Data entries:
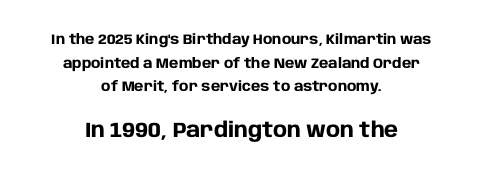
Baseline-to-baseline distance is the conventional proportion of letter height. The space directly below the letters is spotless. The later block is typeset at a bigger size than the earlier block. The strokes are fattened all the way to bold.
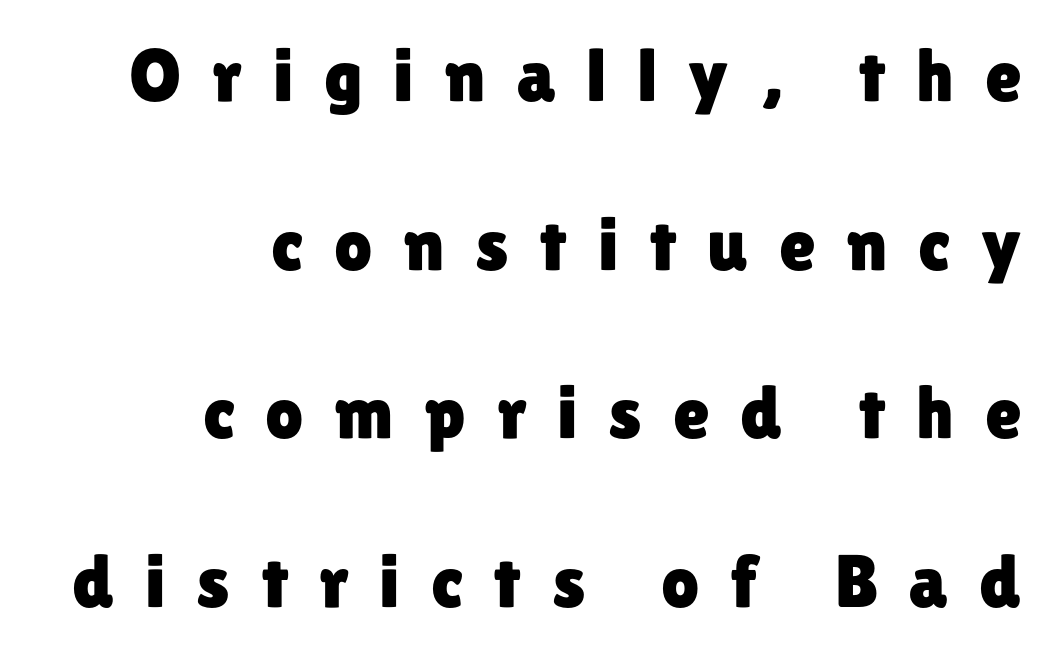
Q: Is the text italic (slanted)? A: No, it is upright.
Q: Is the typeface a serif or a sans-serif typeface? A: Sans-serif.
Q: Is the text underlined? A: No.
Q: How is the paragraph aligned? A: Right-aligned.
Q: Is the spacing between letters normal or unusually wide? A: Unusually wide.
Q: Is the spacing between lines tight, normal or loose? A: Loose.
Q: Width (condensed, normal, or wide)? A: Normal.
Q: Stroke contrast? A: Low.
Q: x-height? A: Medium.
Q: Monospaced? A: No.
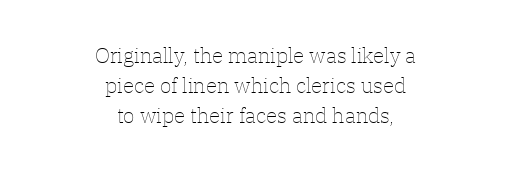
{"italic": "no", "bold": "no", "underline": "no", "align": "center", "line_spacing": "normal", "line_spacing_ratio": 1.44, "letter_spacing": "normal", "letter_spacing_em": 0.0, "glyph_px": 21}
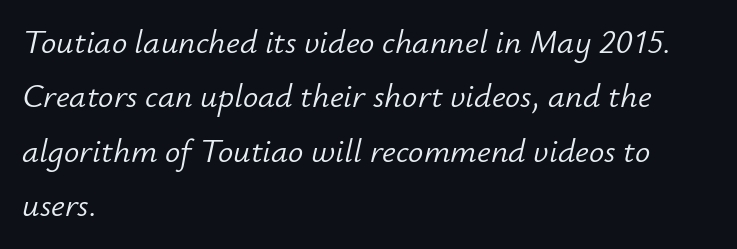
Q: Is the text bold? A: No.
Q: Is the text italic (slanted)? A: Yes, it leans right by about 12 degrees.
Q: Is the text underlined? A: No.
Q: How is the paragraph aligned? A: Left-aligned.
Q: Is the spacing between letters normal or unusually wide? A: Normal.
Q: Is the spacing between lines tight, normal or loose? A: Normal.
Q: Width (condensed, normal, or wide)? A: Normal.
Q: Stroke contrast? A: Low.
Q: x-height? A: Small.
Q: Monospaced? A: No.
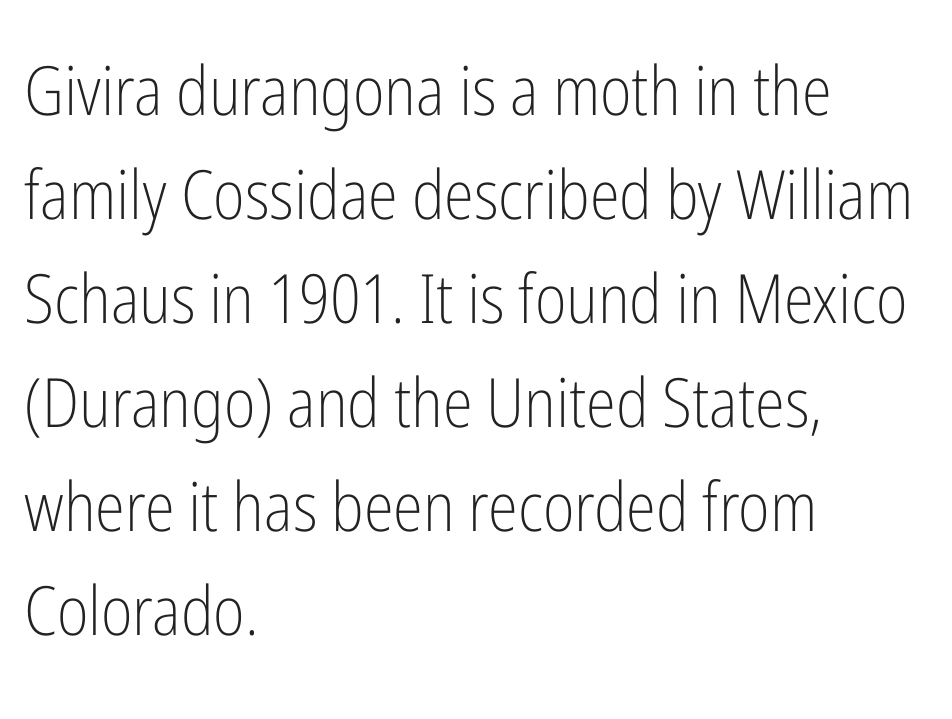
Caption: multi-line text, flush left, ragged right. Students, observe: this is what conventionally led text looks like. You could not count columns in this text — the font is proportionally spaced. Regarding serifs, this sample does without them. Stroke mass is kept to a normal reading level or below.
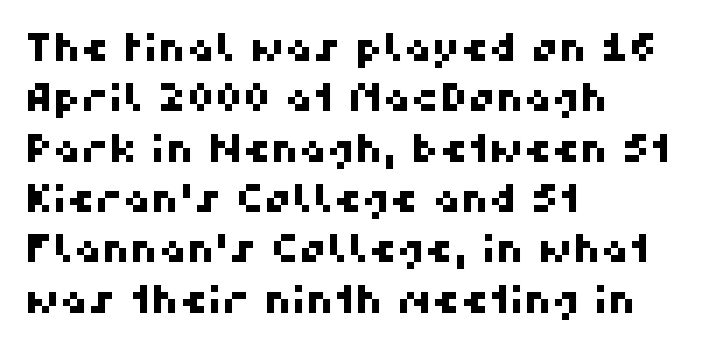
Descender tails drop into unmarked territory. Note the varied advance widths — an 'i' is clearly narrower than an 'm'. Vertical spacing — default. Nobody touched the tracking dial on this one. The designer went with a sans here, leaving each stem footless. Visually the block forms a straight wall on the left and a jagged coastline on the right.
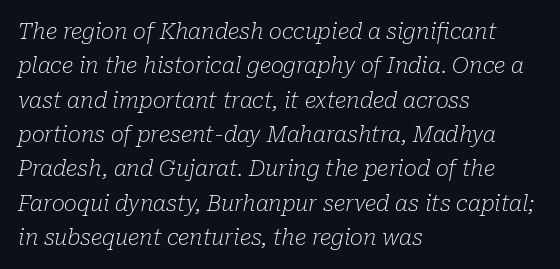
{"italic": "yes", "lean": "right", "slant_degrees": 10, "bold": "no", "underline": "no", "align": "left", "line_spacing": "normal", "line_spacing_ratio": 1.56, "letter_spacing": "normal", "letter_spacing_em": 0.0, "glyph_px": 22}
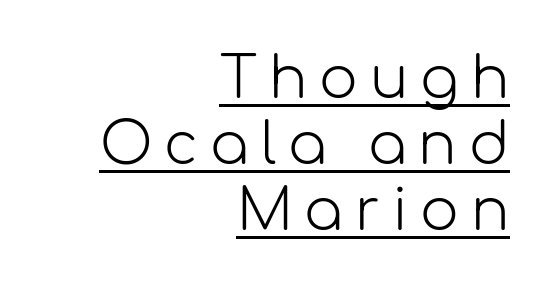
{"serif": "no", "italic": "no", "bold": "no", "weight": "light", "width": "normal", "stroke_contrast": "low", "x_height": "medium", "monospaced": "no", "underline": "yes", "align": "right", "line_spacing_ratio": 1.16, "letter_spacing": "wide", "letter_spacing_em": 0.21, "glyph_px": 57}

## REQUIRED WORK:
Whenever a line holds a picture, print that line without the picture. All other data must be output exactly.

## YOUR SOLUTION:
Baseline-to-baseline distance is the conventional proportion of letter height. The space directly below the letters is spotless. The later block is typeset at a bigger size than the earlier block. The strokes are fattened all the way to bold.
Q: Is the text italic (slanted)? A: No, it is upright.
Q: Is the typeface a serif or a sans-serif typeface? A: Sans-serif.
Q: Is the text underlined? A: No.
Q: How is the paragraph aligned? A: Right-aligned.
Q: Is the spacing between letters normal or unusually wide? A: Unusually wide.
Q: Is the spacing between lines tight, normal or loose? A: Loose.
Q: Width (condensed, normal, or wide)? A: Normal.
Q: Stroke contrast? A: Low.
Q: x-height? A: Medium.
Q: Monospaced? A: No.
{"italic": "no", "bold": "no", "underline": "no", "align": "center", "line_spacing": "normal", "line_spacing_ratio": 1.44, "letter_spacing": "normal", "letter_spacing_em": 0.0, "glyph_px": 21}
Q: Is the text bold? A: No.
Q: Is the text italic (slanted)? A: Yes, it leans right by about 12 degrees.
Q: Is the text underlined? A: No.
Q: How is the paragraph aligned? A: Left-aligned.
Q: Is the spacing between letters normal or unusually wide? A: Normal.
Q: Is the spacing between lines tight, normal or loose? A: Normal.
Q: Width (condensed, normal, or wide)? A: Normal.
Q: Stroke contrast? A: Low.
Q: x-height? A: Small.
Q: Monospaced? A: No.
Caption: multi-line text, flush left, ragged right. Students, observe: this is what conventionally led text looks like. You could not count columns in this text — the font is proportionally spaced. Regarding serifs, this sample does without them. Stroke mass is kept to a normal reading level or below.
Descender tails drop into unmarked territory. Note the varied advance widths — an 'i' is clearly narrower than an 'm'. Vertical spacing — default. Nobody touched the tracking dial on this one. The designer went with a sans here, leaving each stem footless. Visually the block forms a straight wall on the left and a jagged coastline on the right.
{"italic": "yes", "lean": "right", "slant_degrees": 10, "bold": "no", "underline": "no", "align": "left", "line_spacing": "normal", "line_spacing_ratio": 1.56, "letter_spacing": "normal", "letter_spacing_em": 0.0, "glyph_px": 22}
{"serif": "no", "italic": "no", "bold": "no", "weight": "light", "width": "normal", "stroke_contrast": "low", "x_height": "medium", "monospaced": "no", "underline": "yes", "align": "right", "line_spacing_ratio": 1.16, "letter_spacing": "wide", "letter_spacing_em": 0.21, "glyph_px": 57}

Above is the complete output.